Guess what I have learned?
You know flashbacks? They aren't just handy literary or tv/movie story-telling tools. They are real.
We've been coming to Children's for a full year now, and have often reminded ourselves of different aspects of our first trip here. But nothing has brought those memories back like being here the last 3 weeks has.
I walk past a paticular waiting area, or pass through a certain hallway, or see Alan have a procedure, or watch Dale enjoy the trains, and I get images of January 2007, just as clearly as if it was last week.
Flashbacks are real.
And they are very much like you see on tv. Not as dramatic, of course. Or traumatic. But for a brief moment I find myself completely absorbed in a memory. Same place - different time.
So much has changed since last year. This exact weekend one year ago we were in wide-eyed wonder. It was the first time we had ever set foot inside this hospital. We had already sent Alan in for one surgical procedure (a liver biopsy) and were awaiting a surgery on Monday that would be a diagnosis, and possible treatment. We were learning so much, so fast. We had no idea what lay ahead. Every thing was new.
Even then, when everything was so new and scary and we had so much to fear, God placed his peace in our hearts. It was amazing. We knew better than ever before what it was like to actually feel the prayers of others. The peace was amazing. It still is. The peace that passes all understanding has been abundant this past year, and has come in heaping helpings these last few weeks as well.
January 22, 2007 was a Monday. That was surgery day. The first report from the OR we heard confirmed Alan's diagnosis: yes, it is biliary atresia. The next step was to go ahead and perform the procedure that would be Alan's lifeline for a length of time that God only knew. It might never work. It might work for a short period of time. It might work for years and years. And when it no longer worked? What would the option for Alan be? Transplant.
We were devastated. Heart broken. And, initially, afraid. (Think of Peter taking his eyes off Jesus and seeing the waves instead.)

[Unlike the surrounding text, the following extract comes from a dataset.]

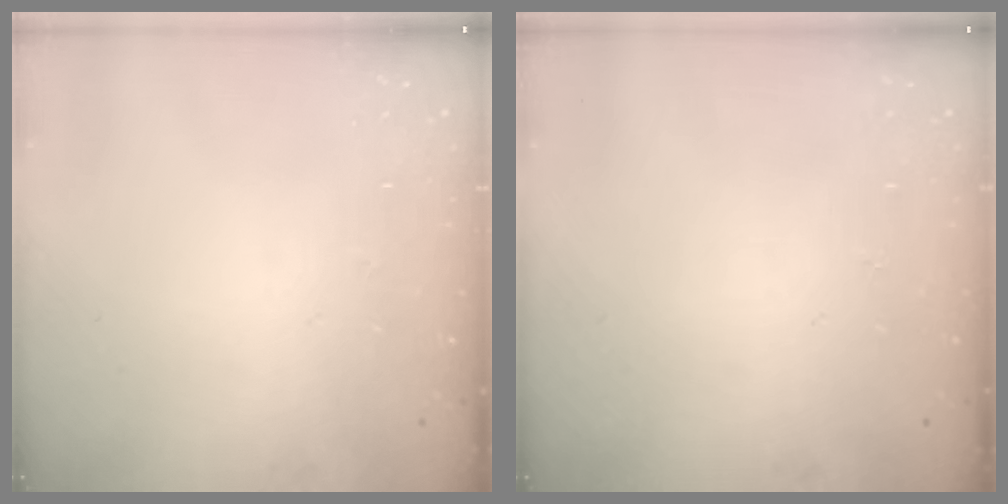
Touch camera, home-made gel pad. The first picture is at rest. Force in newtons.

Then a kind, wise nurse stepped in. She listened. And then she said, "A transplant is not a death sentence." She explained what pediatric transplants are like today. And then she said her husband had even had a kidney transplant a few years back!
Through the remainder of 2007 we learned so much. We learned more about Alan's condition. We learned more about liver transplants. We learned lots about kids that have had liver transplants and thrived. We learned about precious little ones who did not survive the fight against liver disease and are in heaven today. More than anything, we learned to trust God and His wisdom and His timing.
Today I look at Alan and the scar that stretches from one side of his belly to the other, and reaches almost up to his breastbone. And I love that scar. His transplant was not a death sentence. The scar that it left behind represents a precious gift of life.
Alan's scar is not the only one that represents life. Our Lord has scars. In his hands. His feet. His head. His side. His scars represent life as well. Our sin should have been our death sentence. But Jesus took it as his. And then He did what we cannot - He conquered death. And He has the scars to prove it. Those scars give us life. A precious gift of life.
I don't know what the next year will bring. When I stand in January 2009, who knows where my flashbacks will take me? All I know is, I praise God that no matter what changes, He will be there. He travels ahead of us. He holds our future. and He is waiting for us with peace, love and grace beyond measure!